122. The IACHR issued the following recommendations to the Brazilian State:
1. That it adopt the legislative measures needed to transfer to the regular criminal courts the trial of common crimes committed by military police officers in the performance of their public order functions.
2. That use of the cells designed for solitary confinement (celdas fortes) be discontinued.
3. That it punish, in keeping with the gravity of the crimes committed, the civilian and military police officers involved in the facts that gave rise to the instant case.
4. In those cases in which it has not done so, that it pay fair and adequate compensation to the victims’ next-of-kin for the harm caused as a result of the breaches of the above-mentioned provisions.

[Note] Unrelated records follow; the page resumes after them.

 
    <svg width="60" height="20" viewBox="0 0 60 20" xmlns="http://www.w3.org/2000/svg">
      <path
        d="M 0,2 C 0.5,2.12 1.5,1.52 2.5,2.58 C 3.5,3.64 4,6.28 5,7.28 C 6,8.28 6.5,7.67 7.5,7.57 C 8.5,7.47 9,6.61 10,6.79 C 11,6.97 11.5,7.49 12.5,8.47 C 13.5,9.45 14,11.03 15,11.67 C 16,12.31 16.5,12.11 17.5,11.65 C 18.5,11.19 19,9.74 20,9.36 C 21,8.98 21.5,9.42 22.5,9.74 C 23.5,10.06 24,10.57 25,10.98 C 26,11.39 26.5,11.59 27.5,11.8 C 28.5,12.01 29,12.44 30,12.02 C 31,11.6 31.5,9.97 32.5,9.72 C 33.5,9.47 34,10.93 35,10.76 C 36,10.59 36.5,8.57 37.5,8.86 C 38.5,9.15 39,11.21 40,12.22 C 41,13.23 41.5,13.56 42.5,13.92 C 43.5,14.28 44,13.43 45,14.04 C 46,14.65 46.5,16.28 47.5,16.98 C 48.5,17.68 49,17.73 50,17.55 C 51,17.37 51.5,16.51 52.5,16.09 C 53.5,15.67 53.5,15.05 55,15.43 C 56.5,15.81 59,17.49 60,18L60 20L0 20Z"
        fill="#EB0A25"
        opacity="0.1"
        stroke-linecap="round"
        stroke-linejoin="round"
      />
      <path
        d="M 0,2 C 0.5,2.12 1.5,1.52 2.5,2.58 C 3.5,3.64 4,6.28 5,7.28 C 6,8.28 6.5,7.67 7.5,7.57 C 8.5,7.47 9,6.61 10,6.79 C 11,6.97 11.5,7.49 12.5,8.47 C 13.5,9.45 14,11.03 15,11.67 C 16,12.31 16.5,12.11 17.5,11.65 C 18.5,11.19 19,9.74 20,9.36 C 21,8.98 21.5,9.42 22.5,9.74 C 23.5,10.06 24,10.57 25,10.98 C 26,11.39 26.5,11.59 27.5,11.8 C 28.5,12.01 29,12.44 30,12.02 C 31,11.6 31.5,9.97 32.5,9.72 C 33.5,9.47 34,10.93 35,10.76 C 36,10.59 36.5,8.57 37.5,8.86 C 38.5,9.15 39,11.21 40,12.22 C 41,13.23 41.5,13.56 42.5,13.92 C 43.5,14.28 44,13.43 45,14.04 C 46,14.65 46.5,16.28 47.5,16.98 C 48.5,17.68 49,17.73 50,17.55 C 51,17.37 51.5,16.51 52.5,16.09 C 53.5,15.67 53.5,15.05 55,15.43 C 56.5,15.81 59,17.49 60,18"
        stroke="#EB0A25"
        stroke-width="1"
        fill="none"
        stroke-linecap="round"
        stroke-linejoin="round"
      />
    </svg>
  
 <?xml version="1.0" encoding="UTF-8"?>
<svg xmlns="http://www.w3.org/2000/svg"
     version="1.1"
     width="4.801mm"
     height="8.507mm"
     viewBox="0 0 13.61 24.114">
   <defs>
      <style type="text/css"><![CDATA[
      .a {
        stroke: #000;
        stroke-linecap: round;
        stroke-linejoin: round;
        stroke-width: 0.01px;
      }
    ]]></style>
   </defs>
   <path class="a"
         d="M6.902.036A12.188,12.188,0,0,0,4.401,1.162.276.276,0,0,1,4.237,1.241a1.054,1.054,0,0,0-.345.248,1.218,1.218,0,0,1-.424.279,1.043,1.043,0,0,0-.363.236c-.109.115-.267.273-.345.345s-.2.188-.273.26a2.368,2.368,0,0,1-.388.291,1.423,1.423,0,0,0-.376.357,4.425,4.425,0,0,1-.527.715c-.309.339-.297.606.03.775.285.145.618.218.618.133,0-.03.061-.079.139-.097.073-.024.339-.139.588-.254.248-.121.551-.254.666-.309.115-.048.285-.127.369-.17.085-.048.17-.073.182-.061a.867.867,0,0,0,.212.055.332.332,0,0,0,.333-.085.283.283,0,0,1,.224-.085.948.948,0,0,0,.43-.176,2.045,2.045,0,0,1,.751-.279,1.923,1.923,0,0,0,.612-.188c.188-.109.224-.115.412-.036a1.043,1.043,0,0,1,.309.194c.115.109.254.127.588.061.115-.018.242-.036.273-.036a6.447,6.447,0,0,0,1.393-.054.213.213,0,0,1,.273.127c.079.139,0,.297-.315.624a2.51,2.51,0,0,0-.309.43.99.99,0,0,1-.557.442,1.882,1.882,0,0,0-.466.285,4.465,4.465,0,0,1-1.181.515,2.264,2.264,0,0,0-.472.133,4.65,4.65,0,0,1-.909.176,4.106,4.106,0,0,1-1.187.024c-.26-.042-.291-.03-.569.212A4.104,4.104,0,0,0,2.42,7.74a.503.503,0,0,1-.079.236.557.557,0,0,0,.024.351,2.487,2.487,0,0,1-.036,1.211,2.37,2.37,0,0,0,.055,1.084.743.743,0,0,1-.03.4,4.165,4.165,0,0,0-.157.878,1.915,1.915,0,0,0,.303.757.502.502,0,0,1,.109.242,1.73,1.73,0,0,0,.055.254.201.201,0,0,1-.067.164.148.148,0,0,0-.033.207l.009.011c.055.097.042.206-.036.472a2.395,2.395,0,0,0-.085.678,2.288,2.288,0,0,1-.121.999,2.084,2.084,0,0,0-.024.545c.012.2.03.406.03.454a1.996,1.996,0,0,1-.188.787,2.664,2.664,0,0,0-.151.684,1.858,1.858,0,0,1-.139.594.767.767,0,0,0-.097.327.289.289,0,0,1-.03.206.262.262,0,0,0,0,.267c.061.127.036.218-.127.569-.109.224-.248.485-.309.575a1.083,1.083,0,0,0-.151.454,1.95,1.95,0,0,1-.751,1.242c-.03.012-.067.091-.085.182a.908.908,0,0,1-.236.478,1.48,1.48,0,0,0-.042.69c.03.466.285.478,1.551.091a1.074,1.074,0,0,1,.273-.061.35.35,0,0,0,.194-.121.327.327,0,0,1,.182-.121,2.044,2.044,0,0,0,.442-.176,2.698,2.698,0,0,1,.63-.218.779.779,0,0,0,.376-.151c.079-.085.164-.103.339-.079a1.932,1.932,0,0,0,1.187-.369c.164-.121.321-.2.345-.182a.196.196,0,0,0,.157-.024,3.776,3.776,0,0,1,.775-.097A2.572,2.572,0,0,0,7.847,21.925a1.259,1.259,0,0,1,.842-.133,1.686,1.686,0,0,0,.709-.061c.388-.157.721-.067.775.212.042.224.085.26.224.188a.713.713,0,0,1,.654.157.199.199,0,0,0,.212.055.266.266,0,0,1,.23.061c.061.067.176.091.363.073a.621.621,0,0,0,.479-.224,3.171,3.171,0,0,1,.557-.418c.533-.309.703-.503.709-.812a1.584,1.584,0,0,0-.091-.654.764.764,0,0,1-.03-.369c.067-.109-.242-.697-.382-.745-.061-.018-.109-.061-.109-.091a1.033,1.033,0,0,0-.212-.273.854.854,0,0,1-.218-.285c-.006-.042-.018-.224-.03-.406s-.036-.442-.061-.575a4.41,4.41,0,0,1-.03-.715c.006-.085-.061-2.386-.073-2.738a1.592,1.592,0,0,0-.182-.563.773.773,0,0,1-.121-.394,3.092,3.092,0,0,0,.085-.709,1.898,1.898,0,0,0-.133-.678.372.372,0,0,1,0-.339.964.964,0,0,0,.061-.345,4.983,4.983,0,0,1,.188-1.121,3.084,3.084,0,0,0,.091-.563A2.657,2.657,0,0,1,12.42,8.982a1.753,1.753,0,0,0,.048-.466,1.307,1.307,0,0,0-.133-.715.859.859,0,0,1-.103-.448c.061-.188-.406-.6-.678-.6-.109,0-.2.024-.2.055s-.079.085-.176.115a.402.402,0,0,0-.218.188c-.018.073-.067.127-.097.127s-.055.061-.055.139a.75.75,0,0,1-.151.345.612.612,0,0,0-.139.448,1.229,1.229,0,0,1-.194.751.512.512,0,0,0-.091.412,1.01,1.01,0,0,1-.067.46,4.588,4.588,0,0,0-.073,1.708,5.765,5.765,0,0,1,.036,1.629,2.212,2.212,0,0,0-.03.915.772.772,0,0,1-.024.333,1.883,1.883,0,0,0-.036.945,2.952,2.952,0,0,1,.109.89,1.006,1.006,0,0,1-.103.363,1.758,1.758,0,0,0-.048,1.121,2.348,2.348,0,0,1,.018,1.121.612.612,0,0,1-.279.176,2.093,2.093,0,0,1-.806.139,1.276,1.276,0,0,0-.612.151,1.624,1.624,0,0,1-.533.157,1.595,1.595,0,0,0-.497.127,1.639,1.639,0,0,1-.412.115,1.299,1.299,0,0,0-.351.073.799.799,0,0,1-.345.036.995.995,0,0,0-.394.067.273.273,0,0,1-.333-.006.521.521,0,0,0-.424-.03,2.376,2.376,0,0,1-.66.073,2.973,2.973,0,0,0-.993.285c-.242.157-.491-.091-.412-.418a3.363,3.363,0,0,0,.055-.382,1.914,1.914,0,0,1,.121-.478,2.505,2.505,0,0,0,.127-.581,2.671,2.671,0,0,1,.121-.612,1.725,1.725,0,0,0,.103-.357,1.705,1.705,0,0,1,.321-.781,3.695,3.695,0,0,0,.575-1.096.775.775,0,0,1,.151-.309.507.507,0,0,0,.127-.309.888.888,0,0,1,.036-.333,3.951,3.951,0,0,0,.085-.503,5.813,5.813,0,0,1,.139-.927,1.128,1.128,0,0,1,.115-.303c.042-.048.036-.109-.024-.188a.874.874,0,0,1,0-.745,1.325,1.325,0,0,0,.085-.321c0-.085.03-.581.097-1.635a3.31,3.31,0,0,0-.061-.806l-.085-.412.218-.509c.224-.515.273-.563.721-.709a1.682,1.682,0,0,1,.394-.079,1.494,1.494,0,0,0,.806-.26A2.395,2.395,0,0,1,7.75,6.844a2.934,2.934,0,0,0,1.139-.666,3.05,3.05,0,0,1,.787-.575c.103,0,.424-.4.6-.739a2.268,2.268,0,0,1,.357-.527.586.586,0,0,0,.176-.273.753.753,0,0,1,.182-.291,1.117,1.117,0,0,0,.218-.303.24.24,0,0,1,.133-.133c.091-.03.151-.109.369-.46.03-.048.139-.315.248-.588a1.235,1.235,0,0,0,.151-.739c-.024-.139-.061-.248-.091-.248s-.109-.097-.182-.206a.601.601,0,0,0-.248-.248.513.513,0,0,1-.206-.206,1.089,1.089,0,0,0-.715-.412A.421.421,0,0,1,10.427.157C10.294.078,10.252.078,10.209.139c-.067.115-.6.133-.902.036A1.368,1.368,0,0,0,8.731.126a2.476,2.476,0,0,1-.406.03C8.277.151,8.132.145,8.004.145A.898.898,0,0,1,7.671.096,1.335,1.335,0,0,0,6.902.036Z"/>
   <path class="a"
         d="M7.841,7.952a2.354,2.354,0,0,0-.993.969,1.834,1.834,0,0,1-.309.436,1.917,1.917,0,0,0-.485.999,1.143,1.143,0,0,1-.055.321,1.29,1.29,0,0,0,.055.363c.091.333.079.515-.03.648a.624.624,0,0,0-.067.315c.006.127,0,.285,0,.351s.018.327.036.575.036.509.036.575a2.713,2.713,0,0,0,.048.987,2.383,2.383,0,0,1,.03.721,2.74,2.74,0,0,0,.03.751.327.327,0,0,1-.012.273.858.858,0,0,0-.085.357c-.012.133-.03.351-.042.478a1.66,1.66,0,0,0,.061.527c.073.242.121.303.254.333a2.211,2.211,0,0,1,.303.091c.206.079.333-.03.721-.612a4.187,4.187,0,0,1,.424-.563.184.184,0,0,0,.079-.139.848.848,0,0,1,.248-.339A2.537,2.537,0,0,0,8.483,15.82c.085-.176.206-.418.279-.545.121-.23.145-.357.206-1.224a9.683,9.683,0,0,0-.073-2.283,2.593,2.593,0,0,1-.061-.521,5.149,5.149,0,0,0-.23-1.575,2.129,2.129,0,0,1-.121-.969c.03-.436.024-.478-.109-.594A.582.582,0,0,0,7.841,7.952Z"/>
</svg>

123. In the same report, the Commission examined the degree of compliance of such recommendations, as follows:
[T]he Commission considers that the recommendation that Brazil “adopt the legislative measures needed to transfer to the regular criminal courts the trial of common crimes committed by military police in the performance of their public order functions” has met with partial compliance. In effect, the IACHR reiterates that although Law No. 9,299/96 represents major progress in this respect, it is insufficient, as it merely transfers to the regular courts crimes against life committed by military police in the performance of their functions, and keeps jurisdiction over all other crimes committed by members of the Military Police under the Military Police.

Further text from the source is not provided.